- _Problem statement_: For this exercise, please return exactly the line containing "Atelectasis, right: 0" and each line after it through the end of the records, with no pictures included.

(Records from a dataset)
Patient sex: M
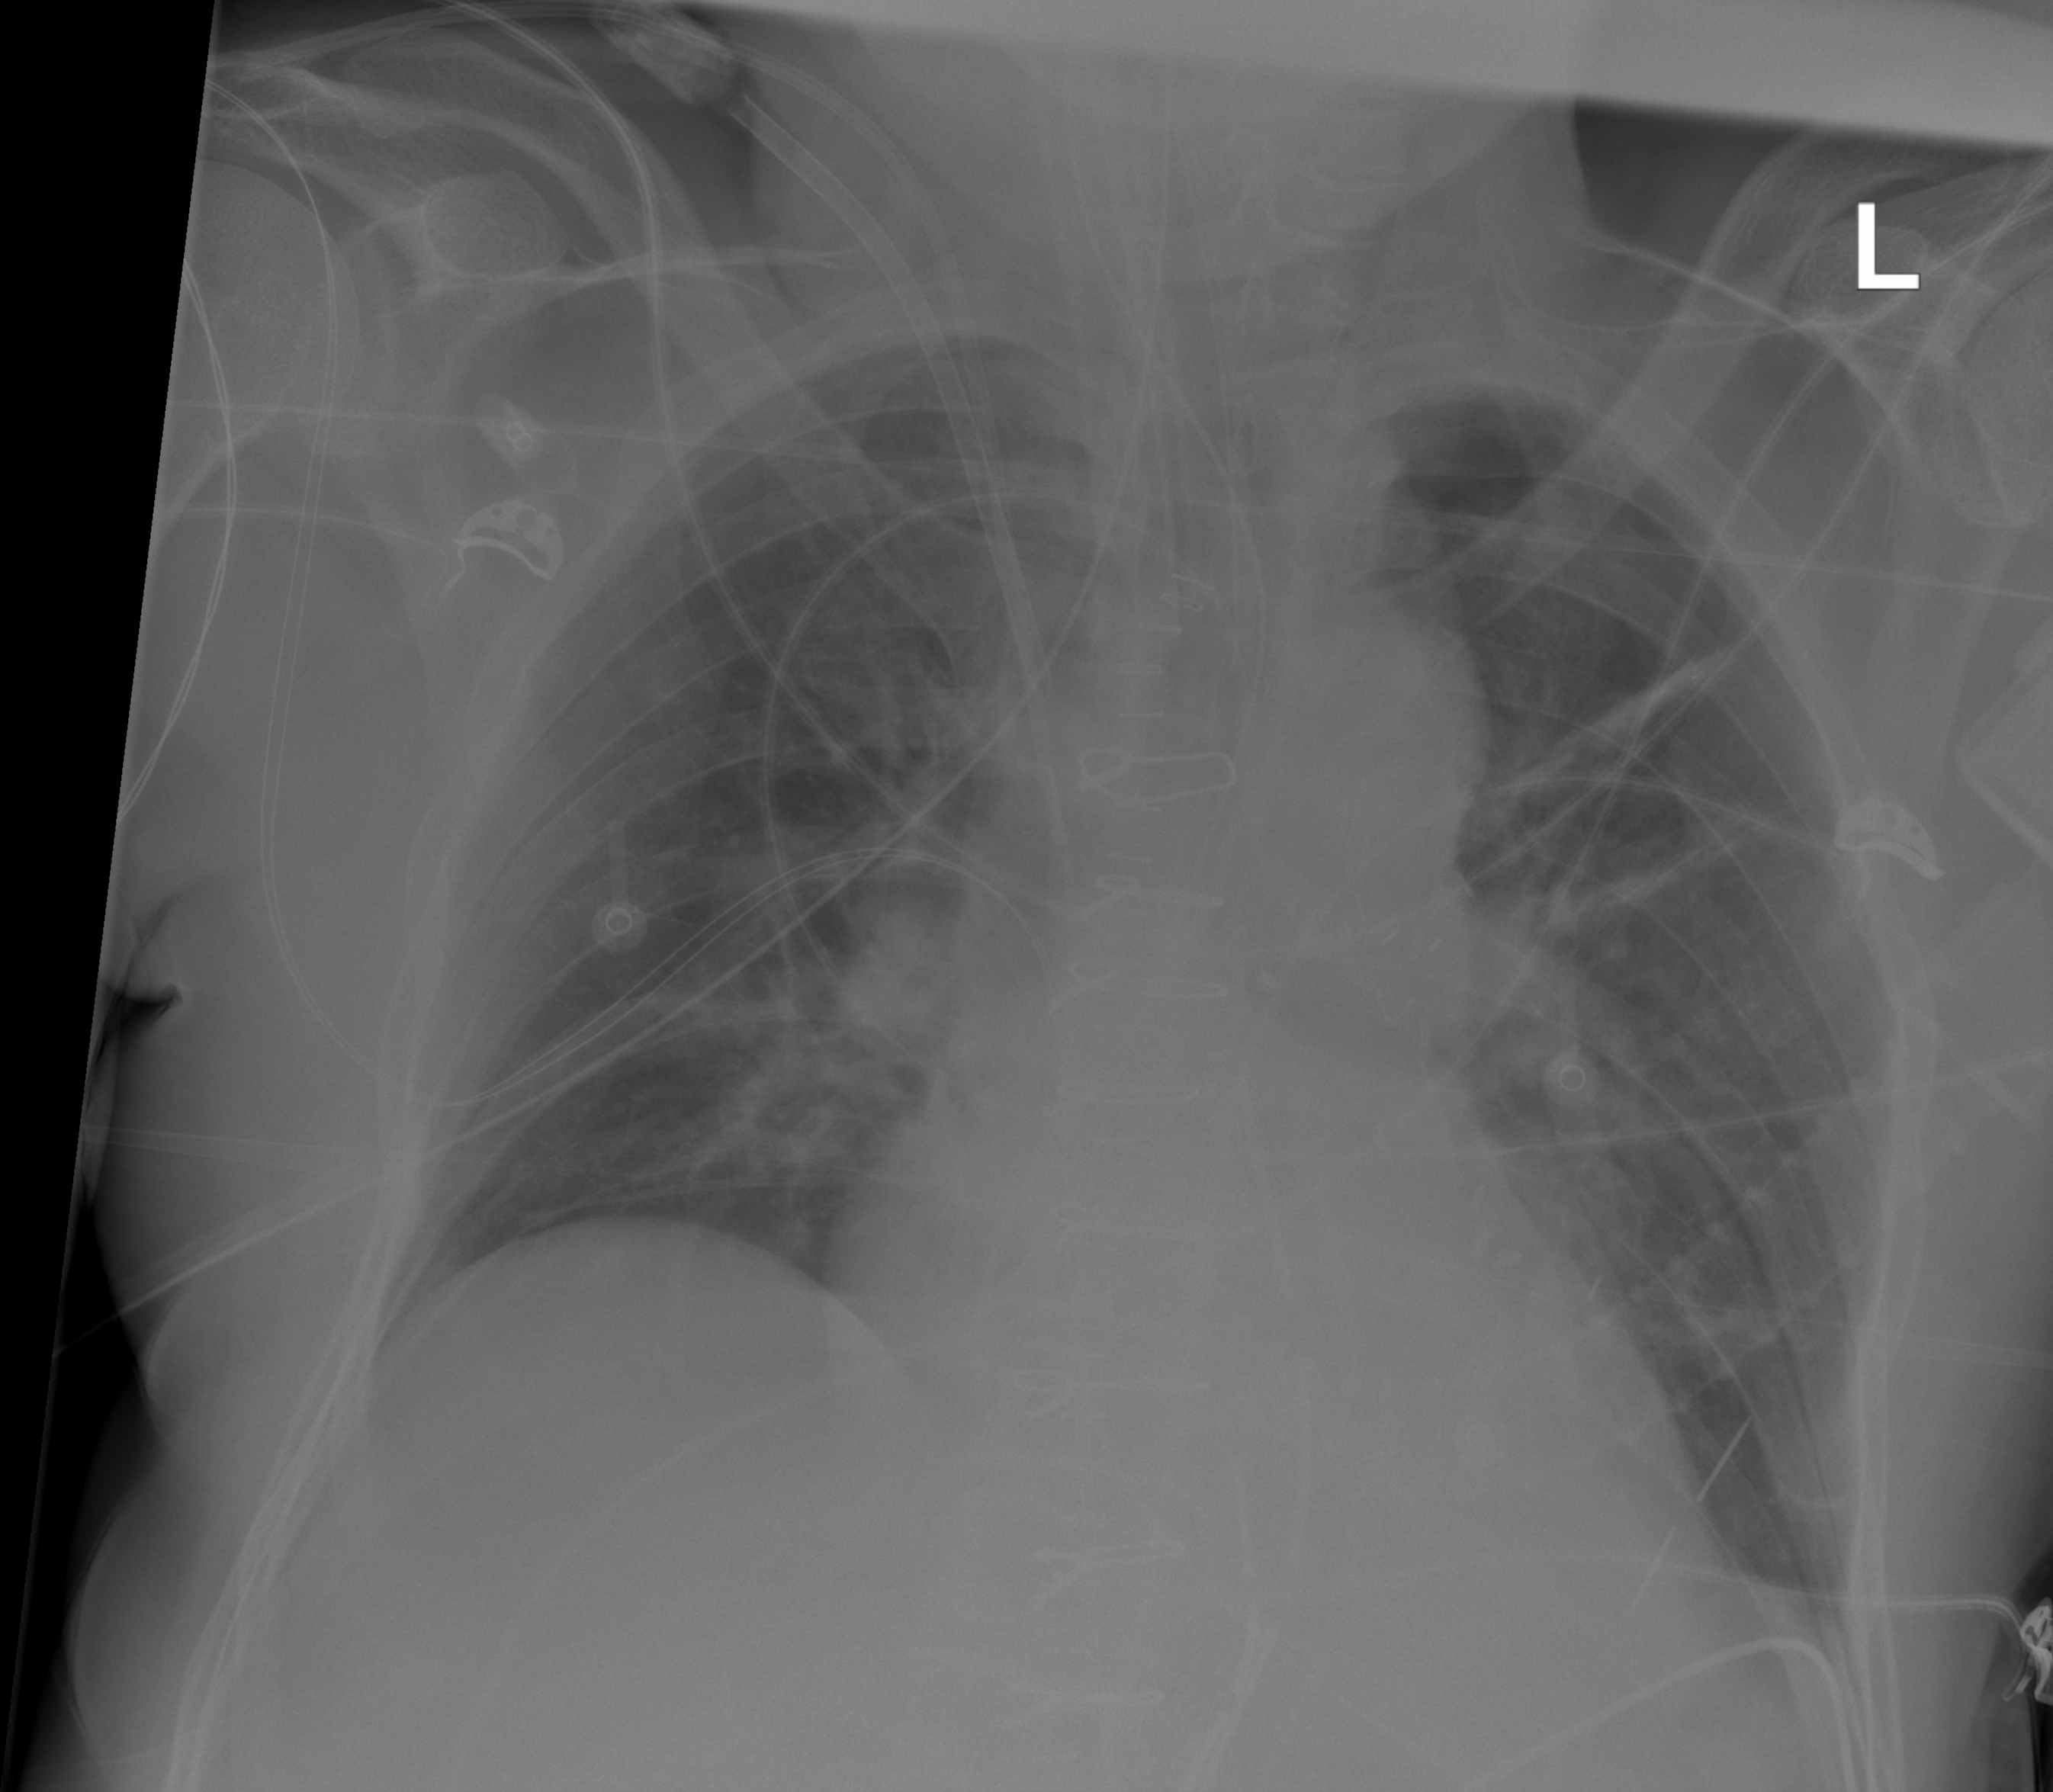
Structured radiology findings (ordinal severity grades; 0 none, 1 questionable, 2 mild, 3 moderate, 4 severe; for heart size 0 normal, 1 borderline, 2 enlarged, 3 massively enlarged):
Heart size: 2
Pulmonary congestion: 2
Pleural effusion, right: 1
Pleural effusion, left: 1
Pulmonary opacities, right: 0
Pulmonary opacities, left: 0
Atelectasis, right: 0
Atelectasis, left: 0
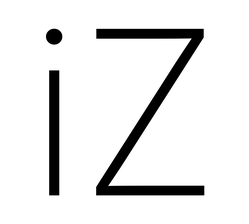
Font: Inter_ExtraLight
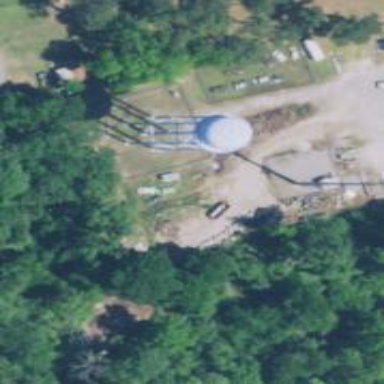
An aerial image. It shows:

- _Expected output_:
Atelectasis, right: 0
Atelectasis, left: 0
Font: Inter_ExtraLight
An aerial image. It shows:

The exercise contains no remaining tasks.